• **Task details**
In your copy, include every line of the records exactly and no picture at all.

• **Provided data**

Content starts

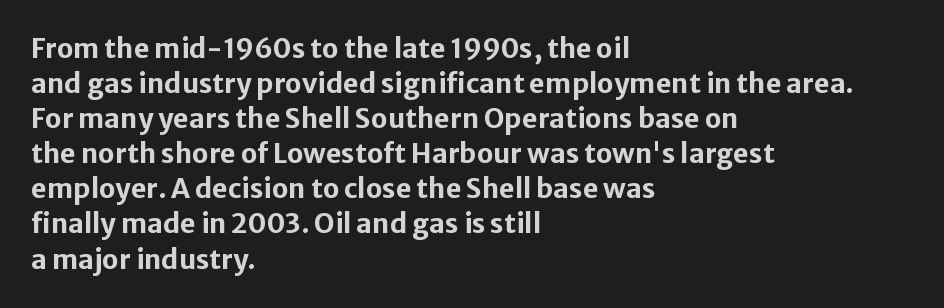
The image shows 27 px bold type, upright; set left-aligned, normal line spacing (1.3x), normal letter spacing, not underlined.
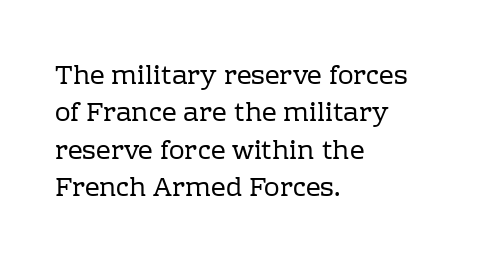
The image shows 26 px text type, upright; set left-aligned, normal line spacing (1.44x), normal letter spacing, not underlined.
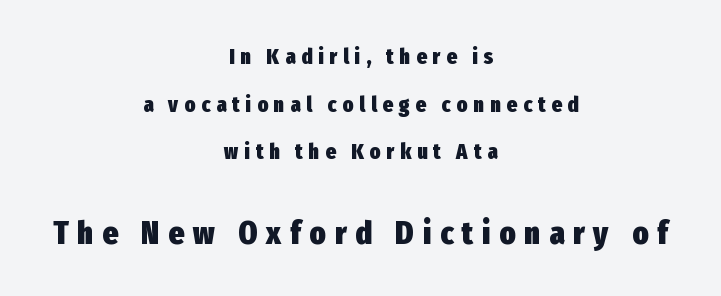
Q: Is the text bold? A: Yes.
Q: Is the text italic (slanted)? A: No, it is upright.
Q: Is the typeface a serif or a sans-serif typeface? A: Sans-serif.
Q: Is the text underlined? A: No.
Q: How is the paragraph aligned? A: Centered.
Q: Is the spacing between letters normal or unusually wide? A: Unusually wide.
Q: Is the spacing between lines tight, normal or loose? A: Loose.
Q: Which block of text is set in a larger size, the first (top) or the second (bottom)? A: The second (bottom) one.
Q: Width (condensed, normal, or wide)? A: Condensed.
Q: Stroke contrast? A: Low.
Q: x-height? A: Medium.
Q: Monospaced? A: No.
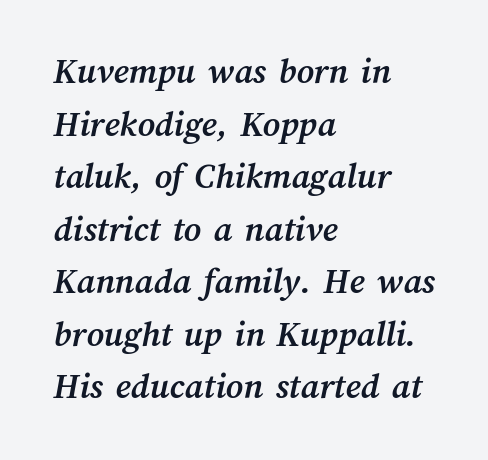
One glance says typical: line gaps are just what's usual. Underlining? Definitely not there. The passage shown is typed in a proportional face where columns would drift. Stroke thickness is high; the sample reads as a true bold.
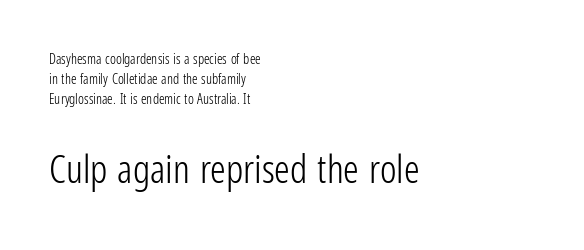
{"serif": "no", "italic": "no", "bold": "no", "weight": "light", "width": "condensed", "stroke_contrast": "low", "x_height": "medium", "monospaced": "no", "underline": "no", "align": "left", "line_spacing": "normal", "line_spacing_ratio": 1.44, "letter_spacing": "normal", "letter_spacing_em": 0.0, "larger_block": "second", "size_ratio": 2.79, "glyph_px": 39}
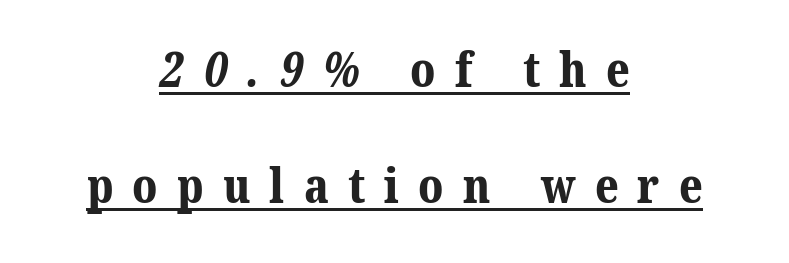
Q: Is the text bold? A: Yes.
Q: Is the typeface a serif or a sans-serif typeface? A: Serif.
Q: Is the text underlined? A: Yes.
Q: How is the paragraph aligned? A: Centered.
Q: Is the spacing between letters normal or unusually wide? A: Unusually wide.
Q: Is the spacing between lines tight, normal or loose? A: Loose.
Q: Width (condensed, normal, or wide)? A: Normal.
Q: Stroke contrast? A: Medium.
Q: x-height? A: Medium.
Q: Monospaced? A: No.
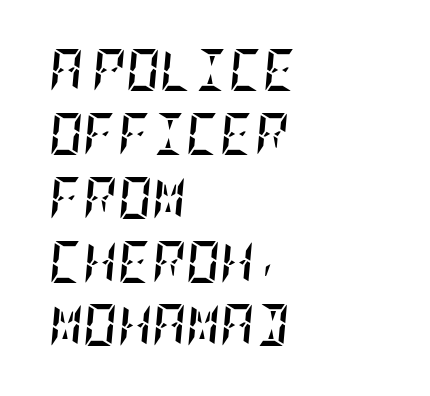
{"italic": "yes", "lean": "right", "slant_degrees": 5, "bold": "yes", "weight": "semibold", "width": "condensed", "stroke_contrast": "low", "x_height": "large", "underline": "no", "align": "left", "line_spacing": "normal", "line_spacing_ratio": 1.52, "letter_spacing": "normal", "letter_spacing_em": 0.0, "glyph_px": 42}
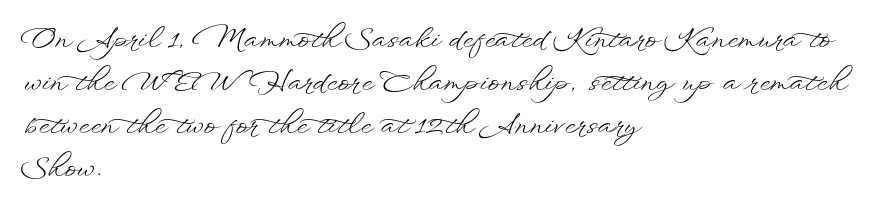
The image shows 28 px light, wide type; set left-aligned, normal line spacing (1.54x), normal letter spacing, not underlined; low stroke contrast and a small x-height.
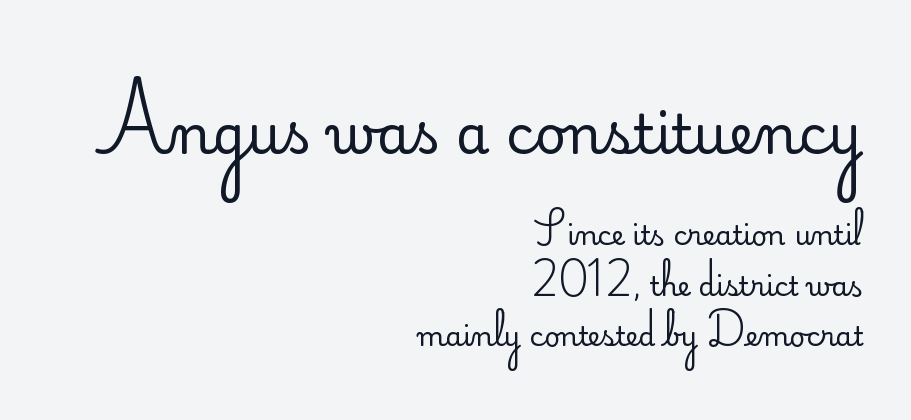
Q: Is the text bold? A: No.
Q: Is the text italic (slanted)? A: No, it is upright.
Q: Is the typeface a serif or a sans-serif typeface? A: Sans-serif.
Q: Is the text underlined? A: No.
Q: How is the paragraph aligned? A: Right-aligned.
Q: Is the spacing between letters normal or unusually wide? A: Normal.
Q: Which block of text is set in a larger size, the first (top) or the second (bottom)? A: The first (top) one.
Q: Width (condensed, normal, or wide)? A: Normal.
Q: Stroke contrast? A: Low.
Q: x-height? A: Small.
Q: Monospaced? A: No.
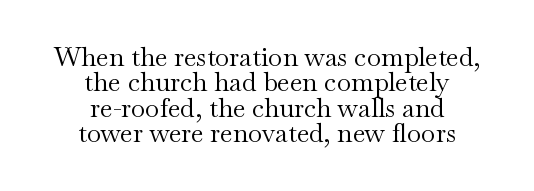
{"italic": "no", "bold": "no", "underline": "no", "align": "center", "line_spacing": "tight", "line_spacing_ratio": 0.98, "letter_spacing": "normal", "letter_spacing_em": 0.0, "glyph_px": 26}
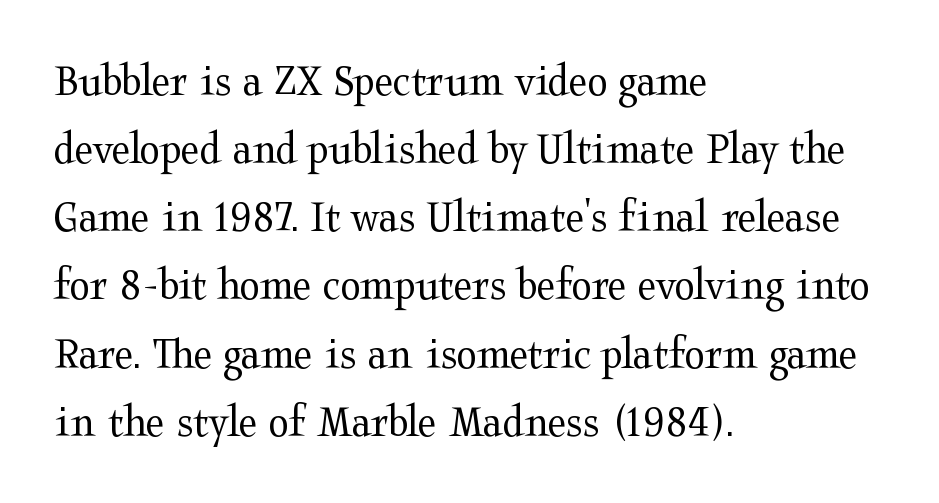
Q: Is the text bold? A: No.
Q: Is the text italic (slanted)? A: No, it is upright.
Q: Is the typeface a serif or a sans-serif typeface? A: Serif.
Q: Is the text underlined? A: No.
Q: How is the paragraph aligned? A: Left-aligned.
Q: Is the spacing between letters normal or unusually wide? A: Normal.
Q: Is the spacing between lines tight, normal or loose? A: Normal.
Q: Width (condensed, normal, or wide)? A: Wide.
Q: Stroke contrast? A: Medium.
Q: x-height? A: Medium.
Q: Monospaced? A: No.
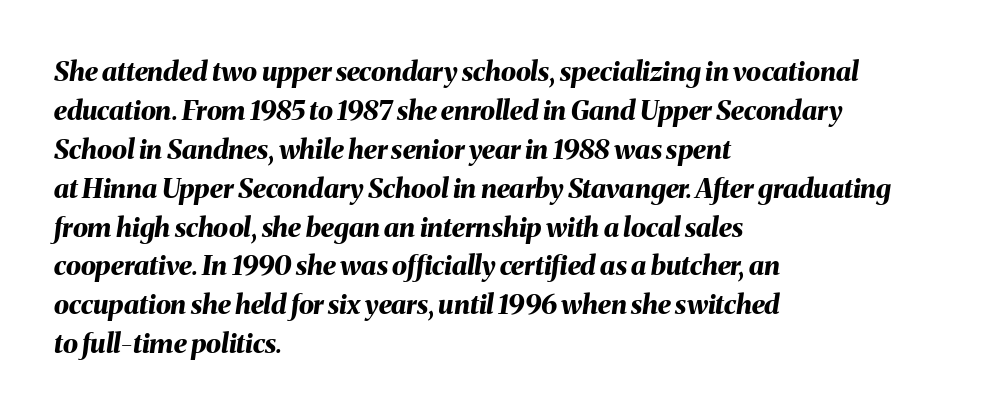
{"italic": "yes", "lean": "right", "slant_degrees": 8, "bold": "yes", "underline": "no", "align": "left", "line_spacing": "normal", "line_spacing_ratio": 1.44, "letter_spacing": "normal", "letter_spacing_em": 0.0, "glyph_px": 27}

Content ends

• **Response to this exercise**
The image shows 27 px bold type, upright; set left-aligned, normal line spacing (1.3x), normal letter spacing, not underlined.
The image shows 26 px text type, upright; set left-aligned, normal line spacing (1.44x), normal letter spacing, not underlined.
Q: Is the text bold? A: Yes.
Q: Is the text italic (slanted)? A: No, it is upright.
Q: Is the typeface a serif or a sans-serif typeface? A: Sans-serif.
Q: Is the text underlined? A: No.
Q: How is the paragraph aligned? A: Centered.
Q: Is the spacing between letters normal or unusually wide? A: Unusually wide.
Q: Is the spacing between lines tight, normal or loose? A: Loose.
Q: Which block of text is set in a larger size, the first (top) or the second (bottom)? A: The second (bottom) one.
Q: Width (condensed, normal, or wide)? A: Condensed.
Q: Stroke contrast? A: Low.
Q: x-height? A: Medium.
Q: Monospaced? A: No.
One glance says typical: line gaps are just what's usual. Underlining? Definitely not there. The passage shown is typed in a proportional face where columns would drift. Stroke thickness is high; the sample reads as a true bold.
{"serif": "no", "italic": "no", "bold": "no", "weight": "light", "width": "condensed", "stroke_contrast": "low", "x_height": "medium", "monospaced": "no", "underline": "no", "align": "left", "line_spacing": "normal", "line_spacing_ratio": 1.44, "letter_spacing": "normal", "letter_spacing_em": 0.0, "larger_block": "second", "size_ratio": 2.79, "glyph_px": 39}
Q: Is the text bold? A: Yes.
Q: Is the typeface a serif or a sans-serif typeface? A: Serif.
Q: Is the text underlined? A: Yes.
Q: How is the paragraph aligned? A: Centered.
Q: Is the spacing between letters normal or unusually wide? A: Unusually wide.
Q: Is the spacing between lines tight, normal or loose? A: Loose.
Q: Width (condensed, normal, or wide)? A: Normal.
Q: Stroke contrast? A: Medium.
Q: x-height? A: Medium.
Q: Monospaced? A: No.
{"italic": "yes", "lean": "right", "slant_degrees": 5, "bold": "yes", "weight": "semibold", "width": "condensed", "stroke_contrast": "low", "x_height": "large", "underline": "no", "align": "left", "line_spacing": "normal", "line_spacing_ratio": 1.52, "letter_spacing": "normal", "letter_spacing_em": 0.0, "glyph_px": 42}
The image shows 28 px light, wide type; set left-aligned, normal line spacing (1.54x), normal letter spacing, not underlined; low stroke contrast and a small x-height.
Q: Is the text bold? A: No.
Q: Is the text italic (slanted)? A: No, it is upright.
Q: Is the typeface a serif or a sans-serif typeface? A: Sans-serif.
Q: Is the text underlined? A: No.
Q: How is the paragraph aligned? A: Right-aligned.
Q: Is the spacing between letters normal or unusually wide? A: Normal.
Q: Which block of text is set in a larger size, the first (top) or the second (bottom)? A: The first (top) one.
Q: Width (condensed, normal, or wide)? A: Normal.
Q: Stroke contrast? A: Low.
Q: x-height? A: Small.
Q: Monospaced? A: No.
{"italic": "no", "bold": "no", "underline": "no", "align": "center", "line_spacing": "tight", "line_spacing_ratio": 0.98, "letter_spacing": "normal", "letter_spacing_em": 0.0, "glyph_px": 26}
Q: Is the text bold? A: No.
Q: Is the text italic (slanted)? A: No, it is upright.
Q: Is the typeface a serif or a sans-serif typeface? A: Serif.
Q: Is the text underlined? A: No.
Q: How is the paragraph aligned? A: Left-aligned.
Q: Is the spacing between letters normal or unusually wide? A: Normal.
Q: Is the spacing between lines tight, normal or loose? A: Normal.
Q: Width (condensed, normal, or wide)? A: Wide.
Q: Stroke contrast? A: Medium.
Q: x-height? A: Medium.
Q: Monospaced? A: No.
{"italic": "yes", "lean": "right", "slant_degrees": 8, "bold": "yes", "underline": "no", "align": "left", "line_spacing": "normal", "line_spacing_ratio": 1.44, "letter_spacing": "normal", "letter_spacing_em": 0.0, "glyph_px": 27}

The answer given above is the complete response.